DIRECTIONS FOR THIS TASK: The expected output is the line bearing "3.673L70.429 7.781H66.041L63.85 20.194H58.672L60.863" followed by all remaining lines of the records, each restated word for word.

LISTED ENTRIES:
•••••
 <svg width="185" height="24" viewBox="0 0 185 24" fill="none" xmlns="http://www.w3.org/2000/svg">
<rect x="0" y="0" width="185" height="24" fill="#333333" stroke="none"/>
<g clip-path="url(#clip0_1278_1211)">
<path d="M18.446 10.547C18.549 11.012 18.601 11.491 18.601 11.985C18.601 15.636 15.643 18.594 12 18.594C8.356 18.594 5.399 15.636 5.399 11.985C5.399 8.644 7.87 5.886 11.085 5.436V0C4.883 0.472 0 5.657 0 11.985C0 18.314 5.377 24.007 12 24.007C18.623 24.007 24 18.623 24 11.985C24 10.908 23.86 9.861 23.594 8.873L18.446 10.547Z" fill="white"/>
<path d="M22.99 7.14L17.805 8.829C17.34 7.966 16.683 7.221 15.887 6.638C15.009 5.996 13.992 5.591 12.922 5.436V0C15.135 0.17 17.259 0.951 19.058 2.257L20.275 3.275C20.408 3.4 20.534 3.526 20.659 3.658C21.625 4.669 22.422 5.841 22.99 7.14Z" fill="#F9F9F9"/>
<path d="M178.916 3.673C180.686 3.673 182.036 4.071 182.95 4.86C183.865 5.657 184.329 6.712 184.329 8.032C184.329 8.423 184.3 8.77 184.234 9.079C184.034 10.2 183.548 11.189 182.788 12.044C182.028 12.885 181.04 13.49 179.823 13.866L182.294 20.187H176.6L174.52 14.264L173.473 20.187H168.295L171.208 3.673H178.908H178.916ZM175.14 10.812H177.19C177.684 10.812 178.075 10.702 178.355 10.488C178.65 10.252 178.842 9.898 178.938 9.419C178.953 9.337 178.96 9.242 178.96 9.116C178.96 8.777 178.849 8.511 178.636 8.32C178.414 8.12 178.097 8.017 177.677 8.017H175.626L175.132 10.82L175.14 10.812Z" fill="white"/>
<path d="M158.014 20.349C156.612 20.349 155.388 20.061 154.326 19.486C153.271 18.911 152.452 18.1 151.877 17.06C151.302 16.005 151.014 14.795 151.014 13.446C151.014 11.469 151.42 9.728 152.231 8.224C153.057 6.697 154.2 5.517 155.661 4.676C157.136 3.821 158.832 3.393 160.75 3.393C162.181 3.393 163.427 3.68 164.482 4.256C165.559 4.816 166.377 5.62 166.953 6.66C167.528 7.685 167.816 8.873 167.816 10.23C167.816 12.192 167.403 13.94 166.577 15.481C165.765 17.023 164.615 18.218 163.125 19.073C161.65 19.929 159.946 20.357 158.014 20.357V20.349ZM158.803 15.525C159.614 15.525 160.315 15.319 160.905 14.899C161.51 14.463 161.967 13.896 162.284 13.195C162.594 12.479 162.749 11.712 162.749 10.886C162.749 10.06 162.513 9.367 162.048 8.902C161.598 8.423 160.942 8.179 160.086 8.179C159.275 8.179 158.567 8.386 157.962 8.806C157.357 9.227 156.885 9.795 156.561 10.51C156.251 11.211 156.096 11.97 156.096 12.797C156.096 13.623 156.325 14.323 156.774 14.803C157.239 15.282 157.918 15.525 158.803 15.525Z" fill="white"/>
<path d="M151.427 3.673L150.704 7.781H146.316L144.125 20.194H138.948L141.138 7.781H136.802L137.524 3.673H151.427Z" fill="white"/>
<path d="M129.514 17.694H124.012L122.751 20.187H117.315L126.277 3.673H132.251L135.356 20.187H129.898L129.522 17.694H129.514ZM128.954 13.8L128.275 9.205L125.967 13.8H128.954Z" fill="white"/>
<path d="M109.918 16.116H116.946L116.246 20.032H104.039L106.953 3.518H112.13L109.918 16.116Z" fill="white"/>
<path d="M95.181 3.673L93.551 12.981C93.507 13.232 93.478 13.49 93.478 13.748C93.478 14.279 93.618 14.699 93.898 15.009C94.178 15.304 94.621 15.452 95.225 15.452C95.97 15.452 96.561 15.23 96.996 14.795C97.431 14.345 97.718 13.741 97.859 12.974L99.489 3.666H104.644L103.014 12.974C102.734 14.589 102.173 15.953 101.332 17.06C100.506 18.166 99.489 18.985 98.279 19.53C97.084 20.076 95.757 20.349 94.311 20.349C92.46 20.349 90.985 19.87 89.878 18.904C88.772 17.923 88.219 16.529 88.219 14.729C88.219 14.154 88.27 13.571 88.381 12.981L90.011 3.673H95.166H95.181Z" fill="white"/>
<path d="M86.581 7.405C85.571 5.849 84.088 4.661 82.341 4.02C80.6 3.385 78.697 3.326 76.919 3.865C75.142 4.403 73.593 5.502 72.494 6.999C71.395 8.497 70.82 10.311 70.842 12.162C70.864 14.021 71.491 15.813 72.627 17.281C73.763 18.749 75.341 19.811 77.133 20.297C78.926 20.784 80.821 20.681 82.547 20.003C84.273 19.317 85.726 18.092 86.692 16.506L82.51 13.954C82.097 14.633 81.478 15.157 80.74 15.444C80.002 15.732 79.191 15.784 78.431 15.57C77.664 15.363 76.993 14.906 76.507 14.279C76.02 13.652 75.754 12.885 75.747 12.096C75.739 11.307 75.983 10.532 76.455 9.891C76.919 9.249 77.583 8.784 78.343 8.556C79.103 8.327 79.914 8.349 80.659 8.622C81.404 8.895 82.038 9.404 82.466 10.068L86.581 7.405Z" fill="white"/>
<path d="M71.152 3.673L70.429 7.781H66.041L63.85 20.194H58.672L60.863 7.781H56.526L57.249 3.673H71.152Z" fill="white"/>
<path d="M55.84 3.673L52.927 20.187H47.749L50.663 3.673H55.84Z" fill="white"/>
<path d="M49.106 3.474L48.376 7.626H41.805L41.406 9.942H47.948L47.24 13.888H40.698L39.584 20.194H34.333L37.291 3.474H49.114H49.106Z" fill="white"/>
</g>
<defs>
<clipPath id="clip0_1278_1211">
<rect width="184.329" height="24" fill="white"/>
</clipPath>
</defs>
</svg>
•••••
RESULT BELOW:
<path d="M71.152 3.673L70.429 7.781H66.041L63.85 20.194H58.672L60.863 7.781H56.526L57.249 3.673H71.152Z" fill="white"/>
<path d="M55.84 3.673L52.927 20.187H47.749L50.663 3.673H55.84Z" fill="white"/>
<path d="M49.106 3.474L48.376 7.626H41.805L41.406 9.942H47.948L47.24 13.888H40.698L39.584 20.194H34.333L37.291 3.474H49.114H49.106Z" fill="white"/>
</g>
<defs>
<clipPath id="clip0_1278_1211">
<rect width="184.329" height="24" fill="white"/>
</clipPath>
</defs>
</svg>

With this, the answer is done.